Henry stood motionless until Jo had left the ballroom. A quick glance around told him that all of the guests and most of the extras had witnessed their little scene. Even though he and Jo had been speaking too quietly to be overheard by even the most curious of gossips, their body language must have screamed "LOVERS' QUARREL" loud and clear.
He tried to arrange his features to convey "just a little misunderstanding, nothing to worry about." The sympathetic looks he was getting from other guests, mostly the men, suggested that he had achieved closer to "I am in such deep shit," but that would have to do.
He followed Jo's path out the door, and wisely no one stopped him. Only a few people were lingering in the hallway, enjoying the relative cool and quiet away from the dancers and drinkers. Henry scanned the space but didn't see his partner, so he stopped to take a deep breath and think. If Jo wanted to escape, where would she go? Their room? The gardens? No, she wouldn't hide. Or more accurately, she would hide in her work. They were very alike in that way.
With that thought, he knew exactly where to find her. He walked as casually as he could manage away from the ballroom, and once he was out of sight, he strode quickly to the staircase.
County Somerset, 1811
The evening of the ball, Rosa Martin was a vision in silk and lace, and she danced every set superbly, but none of that explained why Henry could hardly look away from her.
His attention was riveted to the woman who, the night before, had told him that their host and possibly her own father were involved in the slave trade.
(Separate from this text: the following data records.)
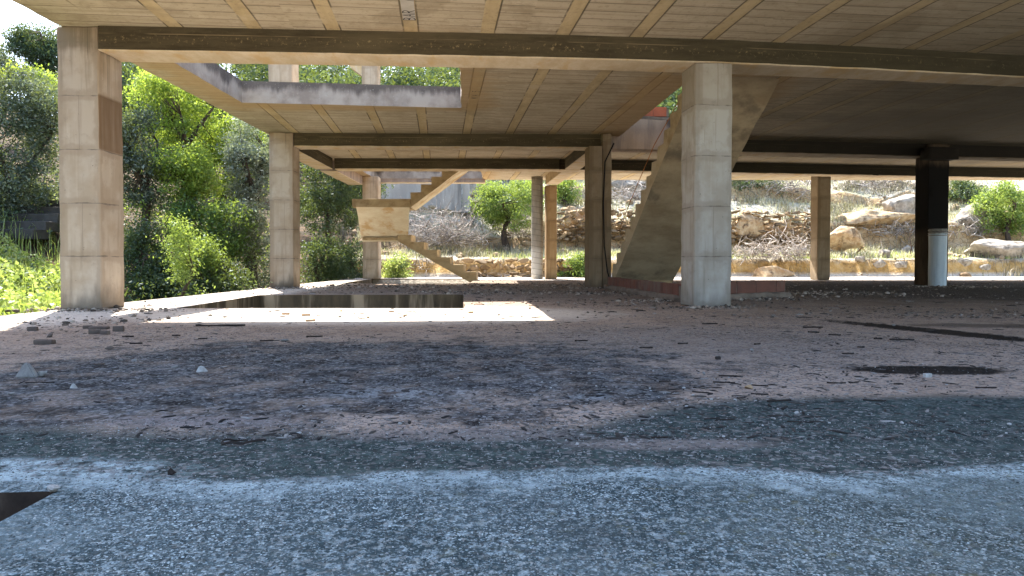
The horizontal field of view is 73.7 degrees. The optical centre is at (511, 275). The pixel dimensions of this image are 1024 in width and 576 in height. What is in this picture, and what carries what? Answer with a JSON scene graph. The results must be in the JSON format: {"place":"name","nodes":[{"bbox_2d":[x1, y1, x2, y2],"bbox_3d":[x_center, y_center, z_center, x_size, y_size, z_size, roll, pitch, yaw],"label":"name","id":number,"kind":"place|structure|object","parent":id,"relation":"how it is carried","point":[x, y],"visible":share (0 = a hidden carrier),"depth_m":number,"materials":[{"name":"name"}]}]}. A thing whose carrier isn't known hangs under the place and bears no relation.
{"place":"outdoors","nodes":[
{"label":"outdoors","id":0,"kind":"place"},
{"bbox_2d":[0,155,60,314],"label":"grass","id":1,"kind":"structure","parent":0,"point":[50,241],"depth_m":12.88,"materials":[{"name":"green plant"}]},
{"bbox_2d":[0,0,424,115],"label":"sky","id":2,"kind":"structure","parent":0,"point":[10,10],"materials":[{"name":"white"}]},
{"bbox_2d":[0,278,1023,575],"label":"floor","id":3,"kind":"structure","parent":0,"point":[620,356],"depth_m":2.00,"materials":[{"name":"grey concrete"}]},
{"bbox_2d":[16,363,38,377],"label":"stone","id":4,"kind":"object","parent":3,"relation":"on","point":[26,370],"visible":1,"depth_m":2.93,"materials":[{"name":"white stone"}]},
{"bbox_2d":[27,327,38,330],"bbox_3d":[-3.458,0.383,4.925,0.065,0.032,0.034,0,1,-11],"label":"broken brick","id":5,"kind":"object","parent":3,"relation":"on","point":[32,329],"visible":0.98,"depth_m":4.91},
{"bbox_2d":[25,382,54,382],"bbox_3d":[-1.940,0.438,2.807,0.114,0.006,0.012,0,1,0],"label":"stick","id":6,"kind":"object","parent":3,"relation":"on","point":[39,382],"visible":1,"depth_m":2.80,"materials":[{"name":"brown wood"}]},
{"bbox_2d":[37,370,46,376],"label":"stone","id":7,"kind":"object","parent":3,"relation":"on","point":[41,373],"visible":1,"depth_m":2.95,"materials":[{"name":"white stone"}]},
{"bbox_2d":[33,339,55,344],"bbox_3d":[-2.828,0.399,4.129,0.107,0.030,0.057,0,1,-9],"label":"broken brick","id":8,"kind":"object","parent":3,"relation":"on","point":[43,341],"visible":1,"depth_m":4.11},
{"bbox_2d":[47,484,59,491],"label":"stone","id":9,"kind":"object","parent":3,"relation":"on","point":[53,488],"visible":1,"depth_m":1.48,"materials":[{"name":"white stone"}]},
{"bbox_2d":[89,329,100,333],"bbox_3d":[-2.875,0.387,4.707,0.075,0.033,0.038,-1,1,-29],"label":"broken brick","id":10,"kind":"object","parent":3,"relation":"on","point":[94,331],"visible":0.85,"depth_m":4.70,"materials":[{"name":"grey brick"}]},
{"bbox_2d":[88,326,108,329],"bbox_3d":[-3.048,0.387,5.040,0.134,0.026,0.068,0,1,-6],"label":"broken brick","id":11,"kind":"object","parent":3,"relation":"on","point":[98,327],"visible":0.85,"depth_m":5.01,"materials":[{"name":"grey brick"}]},
{"bbox_2d":[100,330,110,334],"bbox_3d":[-2.783,0.390,4.670,0.066,0.029,0.036,1,1,23],"label":"broken brick","id":12,"kind":"object","parent":3,"relation":"on","point":[103,332],"visible":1,"depth_m":4.66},
{"bbox_2d":[112,326,123,330],"bbox_3d":[-2.818,0.380,4.886,0.070,0.040,0.034,0,1,-11],"label":"broken brick","id":13,"kind":"object","parent":3,"relation":"on","point":[117,328],"visible":1,"depth_m":4.87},
{"bbox_2d":[167,467,175,474],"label":"stone","id":14,"kind":"object","parent":3,"relation":"on","point":[170,471],"visible":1,"depth_m":1.60,"materials":[{"name":"grey stone"}]},
{"bbox_2d":[196,366,206,371],"bbox_3d":[-1.405,0.423,3.097,0.049,0.030,0.022,0,1,-17],"label":"block","id":15,"kind":"object","parent":3,"relation":"on","point":[201,369],"depth_m":3.09,"materials":[{"name":"white stone"}]},
{"bbox_2d":[195,324,244,325],"bbox_3d":[-2.239,0.382,5.240,0.373,0.018,0.054,0,1,0],"label":"stick","id":16,"kind":"object","parent":3,"relation":"on","point":[223,325],"visible":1,"depth_m":5.24,"materials":[{"name":"brown wood"}]},
{"bbox_2d":[221,438,266,444],"bbox_3d":[-0.732,0.452,1.861,0.120,0.013,0.047,0,1,0],"label":"wire","id":17,"kind":"object","parent":3,"relation":"on","point":[231,441],"visible":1,"depth_m":1.86,"materials":[{"name":"metal"}]},
{"bbox_2d":[5,282,1004,331],"bbox_3d":[1.644,0.238,12.011,16.634,0.062,9.845,0,1,-21],"label":"rubble","id":18,"kind":"object","parent":3,"relation":"on","point":[143,309],"visible":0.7,"depth_m":10.29,"materials":[{"name":"grey stone"}]},
{"bbox_2d":[0,314,1023,441],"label":"litter","id":19,"kind":"object","parent":3,"relation":"on","point":[617,437],"visible":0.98,"depth_m":2.36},
{"bbox_2d":[12,0,1023,309],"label":"concrete building","id":20,"kind":"structure","parent":3,"relation":"on","point":[924,94],"depth_m":8.76,"materials":[{"name":"grey concrete"}]},
{"bbox_2d":[603,143,613,276],"bbox_3d":[1.854,-1.122,12.709,0.305,2.704,0.159,1,1,29],"label":"cable","id":21,"kind":"object","parent":20,"relation":"attached to","point":[603,210],"visible":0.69,"depth_m":12.71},
{"bbox_2d":[619,104,676,229],"bbox_3d":[2.151,-1.705,10.887,0.057,1.859,2.418,0,1,-13],"label":"cord","id":22,"kind":"object","parent":20,"relation":"hanging from","point":[646,163],"visible":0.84,"depth_m":10.87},
{"bbox_2d":[22,279,1023,317],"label":"litter","id":23,"kind":"object","parent":3,"relation":"on","point":[636,309],"visible":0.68,"depth_m":7.77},
{"bbox_2d":[604,277,680,301],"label":"brick wall","id":24,"kind":"structure","parent":3,"relation":"on","point":[659,290],"depth_m":9.77,"materials":[{"name":"brick"}]},
{"bbox_2d":[651,436,667,437],"bbox_3d":[0.416,0.456,1.931,0.048,0.007,0.013,0,1,0],"label":"stick","id":25,"kind":"object","parent":3,"relation":"on","point":[659,436],"visible":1,"depth_m":1.93,"materials":[{"name":"brown wood"}]},
{"bbox_2d":[713,381,734,382],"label":"twig","id":26,"kind":"object","parent":3,"relation":"on","point":[722,382],"visible":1,"depth_m":2.81,"materials":[{"name":"brown wood"}]},
{"bbox_2d":[718,375,742,376],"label":"twig","id":27,"kind":"object","parent":3,"relation":"on","point":[732,375],"visible":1,"depth_m":2.96,"materials":[{"name":"brown wood"}]},
{"bbox_2d":[731,280,790,299],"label":"brick wall","id":28,"kind":"structure","parent":3,"relation":"on","point":[757,289],"depth_m":9.29,"materials":[{"name":"red brick"}]},
{"bbox_2d":[767,399,790,401],"bbox_3d":[0.955,0.445,2.430,0.096,0.008,0.022,0,1,-12],"label":"stick","id":29,"kind":"object","parent":3,"relation":"on","point":[779,400],"visible":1,"depth_m":2.43,"materials":[{"name":"brown wood"}]},
{"bbox_2d":[787,421,813,422],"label":"twig","id":30,"kind":"object","parent":3,"relation":"on","point":[802,421],"visible":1,"depth_m":2.12,"materials":[{"name":"brown wood"}]},
{"bbox_2d":[923,373,931,377],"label":"stone","id":31,"kind":"object","parent":3,"relation":"on","point":[926,375],"visible":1,"depth_m":2.94,"materials":[{"name":"white stone"}]},
{"bbox_2d":[928,229,947,285],"bbox_3d":[8.550,-0.364,13.715,0.344,1.150,0.344,0,1,0],"label":"metal drum","id":32,"kind":"object","parent":3,"relation":"on","point":[937,257],"visible":0.99,"depth_m":13.59,"materials":[{"name":"metal"}]},
{"bbox_2d":[0,419,1023,575],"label":"gravel","id":33,"kind":"structure","parent":0,"point":[527,551],"depth_m":1.37,"materials":[{"name":"grey gravel"}]},
{"bbox_2d":[0,99,1023,314],"bbox_3d":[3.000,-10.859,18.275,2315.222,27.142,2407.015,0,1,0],"label":"ground","id":34,"kind":"structure","parent":0,"point":[839,267],"depth_m":25.90,"materials":[{"name":"soil"}]},
{"bbox_2d":[0,41,21,119],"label":"tree","id":35,"kind":"object","parent":34,"relation":"on","point":[4,58],"visible":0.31,"depth_m":25.49,"materials":[{"name":"green plant"}]},
{"bbox_2d":[0,59,57,169],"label":"tree","id":36,"kind":"object","parent":34,"relation":"on","point":[51,76],"visible":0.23,"depth_m":18.64,"materials":[{"name":"green plant"}]},
{"bbox_2d":[0,200,59,239],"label":"stone wall","id":37,"kind":"structure","parent":34,"relation":"on","point":[47,221],"depth_m":13.57,"materials":[{"name":"grey stone"}]},
{"bbox_2d":[0,232,60,315],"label":"weeds","id":38,"kind":"object","parent":34,"relation":"on","point":[37,278],"visible":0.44,"depth_m":10.98,"materials":[{"name":"green plant"}]},
{"bbox_2d":[0,15,61,152],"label":"tree","id":39,"kind":"object","parent":34,"relation":"on","point":[33,47],"visible":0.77,"depth_m":22.41,"materials":[{"name":"green plant"}]},
{"bbox_2d":[0,58,132,220],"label":"tree","id":40,"kind":"object","parent":34,"relation":"on","point":[36,123],"visible":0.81,"depth_m":14.11,"materials":[{"name":"green plant"}]},
{"bbox_2d":[49,93,205,268],"bbox_3d":[-7.883,-1.726,14.130,3.200,4.133,2.159,0,1,-22],"label":"tree","id":41,"kind":"object","parent":34,"relation":"on","point":[138,166],"visible":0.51,"depth_m":13.88,"materials":[{"name":"green plant"}]},
{"bbox_2d":[124,208,192,301],"bbox_3d":[-6.430,-0.181,12.333,2.021,2.076,2.227,1,1,35],"label":"bush","id":42,"kind":"object","parent":34,"relation":"on","point":[148,269],"visible":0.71,"depth_m":12.07,"materials":[{"name":"green plant"}]},
{"bbox_2d":[123,134,230,284],"bbox_3d":[-6.996,-1.133,14.215,2.377,3.631,1.920,-1,2,-37],"label":"tree","id":43,"kind":"object","parent":34,"relation":"on","point":[195,160],"visible":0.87,"depth_m":14.00,"materials":[{"name":"green plant"}]},
{"bbox_2d":[146,209,215,296],"bbox_3d":[-5.085,-0.070,10.613,1.026,1.957,1.040,0,1,0],"label":"shrub","id":44,"kind":"object","parent":34,"relation":"on","point":[185,255],"visible":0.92,"depth_m":10.53,"materials":[{"name":"green plant"}]},
{"bbox_2d":[0,162,362,301],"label":"undergrowth","id":45,"kind":"object","parent":34,"relation":"on","point":[126,293],"visible":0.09,"depth_m":13.33,"materials":[{"name":"green plant"}]},
{"bbox_2d":[153,232,235,294],"bbox_3d":[-5.377,0.028,11.530,1.342,1.655,1.061,0,1,0],"label":"shrub","id":46,"kind":"object","parent":34,"relation":"on","point":[210,255],"visible":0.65,"depth_m":11.47,"materials":[{"name":"green plant"}]},
{"bbox_2d":[122,66,269,263],"bbox_3d":[-7.437,-2.301,15.745,3.169,5.109,4.124,1,1,30],"label":"tree","id":47,"kind":"object","parent":34,"relation":"on","point":[179,123],"visible":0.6,"depth_m":15.29,"materials":[{"name":"green plant"}]},
{"bbox_2d":[149,187,267,297],"bbox_3d":[-6.172,-0.501,13.723,2.525,2.585,2.818,0,1,17],"label":"bush","id":48,"kind":"object","parent":34,"relation":"on","point":[211,214],"visible":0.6,"depth_m":13.51,"materials":[{"name":"green plant"}]},
{"bbox_2d":[157,111,269,261],"bbox_3d":[-7.316,-2.232,16.811,3.375,4.898,3.518,0,1,0],"label":"tree","id":49,"kind":"object","parent":34,"relation":"on","point":[229,123],"visible":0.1,"depth_m":16.73,"materials":[{"name":"green plant"}]},
{"bbox_2d":[169,247,272,296],"bbox_3d":[-5.142,0.118,11.766,1.801,1.431,1.690,1,1,31],"label":"bush","id":50,"kind":"object","parent":34,"relation":"on","point":[223,286],"visible":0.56,"depth_m":11.66,"materials":[{"name":"green plant"}]},
{"bbox_2d":[209,112,269,288],"bbox_3d":[-5.770,-1.484,15.380,2.134,4.600,2.396,0,1,0],"label":"tree","id":51,"kind":"object","parent":34,"relation":"on","point":[258,167],"visible":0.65,"depth_m":15.22,"materials":[{"name":"green plant"}]},
{"bbox_2d":[220,197,269,289],"bbox_3d":[-5.590,-0.416,14.211,1.963,2.454,1.686,0,1,0],"label":"shrub","id":52,"kind":"object","parent":34,"relation":"on","point":[260,230],"visible":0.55,"depth_m":14.02,"materials":[{"name":"green plant"}]},
{"bbox_2d":[267,229,365,283],"bbox_3d":[-5.458,-0.269,18.639,2.929,2.018,2.073,0,1,0],"label":"bush","id":53,"kind":"object","parent":34,"relation":"on","point":[315,248],"visible":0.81,"depth_m":18.48,"materials":[{"name":"green plant"}]},
{"bbox_2d":[311,248,362,279],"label":"bush","id":54,"kind":"object","parent":34,"relation":"on","point":[351,263],"visible":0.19,"depth_m":20.72,"materials":[{"name":"green plant"}]},
{"bbox_2d":[299,161,413,277],"bbox_3d":[-5.916,-1.997,21.808,4.873,5.588,3.983,1,2,41],"label":"tree","id":55,"kind":"object","parent":34,"relation":"on","point":[329,203],"visible":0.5,"depth_m":20.81,"materials":[{"name":"green plant"}]},
{"bbox_2d":[50,62,681,146],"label":"hillside wood","id":56,"kind":"object","parent":34,"relation":"on","point":[429,76],"visible":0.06,"depth_m":42.55,"materials":[{"name":"green plant"}]},
{"bbox_2d":[381,250,417,277],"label":"bush","id":57,"kind":"object","parent":34,"relation":"on","point":[390,267],"visible":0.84,"depth_m":21.94,"materials":[{"name":"green plant"}]},
{"bbox_2d":[409,206,435,236],"bbox_3d":[-3.662,-1.964,26.174,1.589,1.439,1.144,0,1,0],"label":"brush pile","id":58,"kind":"object","parent":34,"relation":"on","point":[420,221],"visible":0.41,"depth_m":26.20,"materials":[{"name":"grey plant"}]},
{"bbox_2d":[381,183,473,226],"bbox_3d":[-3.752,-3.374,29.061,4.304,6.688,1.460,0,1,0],"label":"concrete house","id":59,"kind":"structure","parent":34,"relation":"on","point":[459,194],"depth_m":29.43,"materials":[{"name":"concrete"}]},
{"bbox_2d":[411,255,445,274],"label":"brush pile","id":60,"kind":"object","parent":34,"relation":"on","point":[419,264],"visible":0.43,"depth_m":23.04,"materials":[{"name":"brown wood"}]},
{"bbox_2d":[391,194,501,249],"bbox_3d":[-2.534,-1.949,25.265,4.426,2.710,2.723,0,1,0],"label":"bush","id":61,"kind":"object","parent":34,"relation":"on","point":[449,231],"visible":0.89,"depth_m":25.17,"materials":[{"name":"plant"}]},
{"bbox_2d":[465,180,545,247],"bbox_3d":[-0.222,-2.328,26.304,3.550,3.257,2.765,1,1,23],"label":"tree","id":62,"kind":"object","parent":34,"relation":"on","point":[492,195],"visible":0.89,"depth_m":25.81,"materials":[{"name":"green plant"}]},
{"bbox_2d":[494,222,530,240],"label":"brush pile","id":63,"kind":"object","parent":34,"relation":"on","point":[524,232],"visible":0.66,"depth_m":26.41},
{"bbox_2d":[456,257,584,276],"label":"stone wall","id":64,"kind":"structure","parent":34,"relation":"on","point":[484,268],"depth_m":22.71,"materials":[{"name":"beige stone"}]},
{"bbox_2d":[557,180,584,206],"bbox_3d":[2.188,-3.449,28.452,1.765,1.628,1.623,-1,1,-35],"label":"tree","id":65,"kind":"object","parent":34,"relation":"on","point":[564,190],"visible":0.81,"depth_m":28.27,"materials":[{"name":"green plant"}]},
{"bbox_2d":[557,250,584,277],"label":"bush","id":66,"kind":"object","parent":34,"relation":"on","point":[577,264],"visible":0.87,"depth_m":22.49,"materials":[{"name":"green plant"}]},
{"bbox_2d":[564,206,584,231],"bbox_3d":[2.466,-2.123,26.638,0.936,1.234,0.575,0,1,0],"label":"boulder","id":67,"kind":"object","parent":34,"relation":"on","point":[578,215],"visible":0.4,"depth_m":26.49,"materials":[{"name":"beige stone"}]},
{"bbox_2d":[557,207,634,241],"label":"stone wall","id":68,"kind":"structure","parent":34,"relation":"on","point":[582,220],"depth_m":26.02,"materials":[{"name":"brown stone"}]},
{"bbox_2d":[611,181,645,203],"bbox_3d":[5.120,-3.591,29.017,3.837,1.534,2.215,0,1,0],"label":"brush pile","id":69,"kind":"object","parent":34,"relation":"on","point":[629,196],"visible":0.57,"depth_m":28.84,"materials":[{"name":"grey plant"}]},
{"bbox_2d":[612,180,645,191],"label":"boulder","id":70,"kind":"object","parent":34,"relation":"on","point":[630,183],"visible":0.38,"depth_m":29.80,"materials":[{"name":"grey stone"}]},
{"bbox_2d":[312,180,1023,276],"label":"scrub","id":71,"kind":"object","parent":34,"relation":"on","point":[468,252],"visible":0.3,"depth_m":27.16,"materials":[{"name":"green plant"}]},
{"bbox_2d":[341,180,1011,276],"bbox_3d":[7.576,-2.740,28.564,29.165,5.571,10.895,0,1,0],"label":"rubble","id":72,"kind":"object","parent":34,"relation":"on","point":[877,204],"visible":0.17,"depth_m":26.30,"materials":[{"name":"stone"}]},
{"bbox_2d":[353,180,1023,260],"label":"dry grass","id":73,"kind":"structure","parent":34,"relation":"on","point":[840,254],"depth_m":27.08,"materials":[{"name":"beige plant"}]},
{"bbox_2d":[734,211,765,236],"bbox_3d":[9.195,-1.991,26.374,1.236,1.073,0.667,0,1,13],"label":"boulder","id":74,"kind":"object","parent":34,"relation":"on","point":[751,228],"visible":0.84,"depth_m":26.15,"materials":[{"name":"beige stone"}]},
{"bbox_2d":[731,236,779,264],"bbox_3d":[8.256,-0.924,23.914,2.177,1.235,1.231,0,1,0],"label":"brush pile","id":75,"kind":"object","parent":34,"relation":"on","point":[753,253],"visible":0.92,"depth_m":23.77,"materials":[{"name":"grey wood"}]},
{"bbox_2d":[487,249,1023,260],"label":"grass","id":76,"kind":"structure","parent":34,"relation":"on","point":[525,256],"depth_m":24.12,"materials":[{"name":"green plant"}]},
{"bbox_2d":[732,180,786,196],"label":"bush","id":77,"kind":"object","parent":34,"relation":"on","point":[745,183],"visible":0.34,"depth_m":30.24,"materials":[{"name":"green plant"}]},
{"bbox_2d":[731,210,810,243],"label":"stone wall","id":78,"kind":"structure","parent":34,"relation":"on","point":[748,238],"depth_m":26.25,"materials":[{"name":"brown stone"}]},
{"bbox_2d":[753,266,793,276],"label":"boulder","id":79,"kind":"object","parent":34,"relation":"on","point":[769,271],"visible":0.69,"depth_m":23.07,"materials":[{"name":"beige stone"}]},
{"bbox_2d":[751,221,809,262],"bbox_3d":[9.571,-1.025,23.559,2.848,1.803,1.788,0,1,0],"label":"brush pile","id":80,"kind":"object","parent":34,"relation":"on","point":[795,252],"visible":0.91,"depth_m":23.50,"materials":[{"name":"grey wood"}]},
{"bbox_2d":[737,180,834,205],"bbox_3d":[12.027,-4.058,30.439,4.795,2.239,2.517,0,1,0],"label":"brush pile","id":81,"kind":"object","parent":34,"relation":"on","point":[787,185],"visible":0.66,"depth_m":30.20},
{"bbox_2d":[830,226,864,252],"bbox_3d":[12.671,-0.928,25.215,2.531,1.845,0.892,0,1,-16],"label":"boulder","id":82,"kind":"object","parent":34,"relation":"on","point":[846,238],"visible":0.88,"depth_m":24.81,"materials":[{"name":"beige stone"}]},
{"bbox_2d":[855,256,864,261],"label":"stone","id":83,"kind":"object","parent":34,"relation":"on","point":[860,258],"visible":1,"depth_m":23.71,"materials":[{"name":"grey stone"}]},
{"bbox_2d":[831,180,914,196],"bbox_3d":[16.967,-4.429,32.013,5.712,2.432,3.385,0,1,0],"label":"brush pile","id":84,"kind":"object","parent":34,"relation":"on","point":[875,183],"visible":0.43,"depth_m":31.51,"materials":[{"name":"grey plant"}]},
{"bbox_2d":[842,210,914,226],"bbox_3d":[14.798,-2.273,27.783,3.534,0.790,1.941,0,1,0],"label":"boulder","id":85,"kind":"object","parent":34,"relation":"on","point":[860,218],"visible":0.62,"depth_m":27.10,"materials":[{"name":"beige stone"}]},
{"bbox_2d":[872,258,885,267],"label":"stone","id":86,"kind":"object","parent":34,"relation":"on","point":[880,263],"visible":1,"depth_m":23.61,"materials":[{"name":"grey stone"}]},
{"bbox_2d":[878,238,890,257],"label":"stone","id":87,"kind":"object","parent":34,"relation":"on","point":[884,252],"visible":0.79,"depth_m":24.17,"materials":[{"name":"grey stone"}]},
{"bbox_2d":[860,212,914,244],"bbox_3d":[15.205,-1.897,27.341,3.066,1.385,1.821,0,1,0],"label":"brush pile","id":88,"kind":"object","parent":34,"relation":"on","point":[891,226],"visible":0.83,"depth_m":27.06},
{"bbox_2d":[882,192,914,213],"bbox_3d":[16.150,-2.679,28.018,1.698,1.536,0.785,0,1,15],"label":"boulder","id":89,"kind":"object","parent":34,"relation":"on","point":[905,203],"visible":0.43,"depth_m":27.78,"materials":[{"name":"beige stone"}]},
{"bbox_2d":[894,261,906,267],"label":"stone","id":90,"kind":"object","parent":34,"relation":"on","point":[901,264],"visible":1,"depth_m":23.64,"materials":[{"name":"grey stone"}]},
{"bbox_2d":[901,245,913,252],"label":"stone","id":91,"kind":"object","parent":34,"relation":"on","point":[906,248],"visible":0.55,"depth_m":26.31,"materials":[{"name":"grey stone"}]},
{"bbox_2d":[903,219,914,253],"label":"sapling","id":92,"kind":"object","parent":34,"relation":"on","point":[911,245],"visible":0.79,"depth_m":24.37,"materials":[{"name":"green plant"}]},
{"bbox_2d":[956,257,972,266],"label":"stone","id":93,"kind":"object","parent":34,"relation":"on","point":[965,262],"visible":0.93,"depth_m":23.92,"materials":[{"name":"grey stone"}]},
{"bbox_2d":[948,180,993,204],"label":"bush","id":94,"kind":"object","parent":34,"relation":"on","point":[969,189],"visible":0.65,"depth_m":30.47,"materials":[{"name":"green plant"}]},
{"bbox_2d":[954,203,996,226],"bbox_3d":[18.961,-2.376,27.658,2.010,1.225,1.482,1,2,39],"label":"boulder","id":95,"kind":"object","parent":34,"relation":"on","point":[962,215],"visible":0.41,"depth_m":27.44,"materials":[{"name":"beige stone"}]},
{"bbox_2d":[948,204,1010,238],"bbox_3d":[18.299,-2.001,27.369,2.623,1.661,1.657,0,1,0],"label":"brush pile","id":96,"kind":"object","parent":34,"relation":"on","point":[967,227],"visible":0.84,"depth_m":27.20,"materials":[{"name":"grey plant"}]},
{"bbox_2d":[979,264,990,269],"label":"stone","id":97,"kind":"object","parent":34,"relation":"on","point":[984,266],"visible":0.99,"depth_m":24.03,"materials":[{"name":"beige stone"}]},
{"bbox_2d":[964,238,1023,258],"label":"boulder","id":98,"kind":"object","parent":34,"relation":"on","point":[1009,248],"visible":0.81,"depth_m":24.51,"materials":[{"name":"beige stone"}]},
{"bbox_2d":[965,180,1023,239],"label":"tree","id":99,"kind":"object","parent":34,"relation":"on","point":[996,203],"visible":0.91,"depth_m":26.74,"materials":[{"name":"green plant"}]},
{"bbox_2d":[1,314,1023,440],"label":"gravel","id":100,"kind":"structure","parent":0,"point":[786,433],"depth_m":2.35,"materials":[{"name":"grey gravel"}]},
{"bbox_2d":[113,279,1023,317],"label":"gravel","id":101,"kind":"structure","parent":0,"point":[773,315],"depth_m":7.82,"materials":[{"name":"grey gravel"}]},
{"bbox_2d":[641,107,668,119],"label":"brick wall","id":102,"kind":"structure","parent":0,"point":[658,113],"depth_m":13.26,"materials":[{"name":"red brick"}]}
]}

She had followed that revelation by playing a sonata, singing a lovely folk air, and being so praised and surrounded by admirers that Henry had found no opportunity to enquire further.
Now it was finally time to claim his dance, and they took their places together for the cotillion. It wasn't a form that lent itself to private moments, so they were limited to small talk and pleasantries until the dance was finished. When the last chord sounded and all the dancers bowed and curtsied, Henry accompanied Rosa through the French doors to enjoy the cool air on the balcony. They found a spot that was visible enough for propriety yet private enough that they wouldn't be overheard.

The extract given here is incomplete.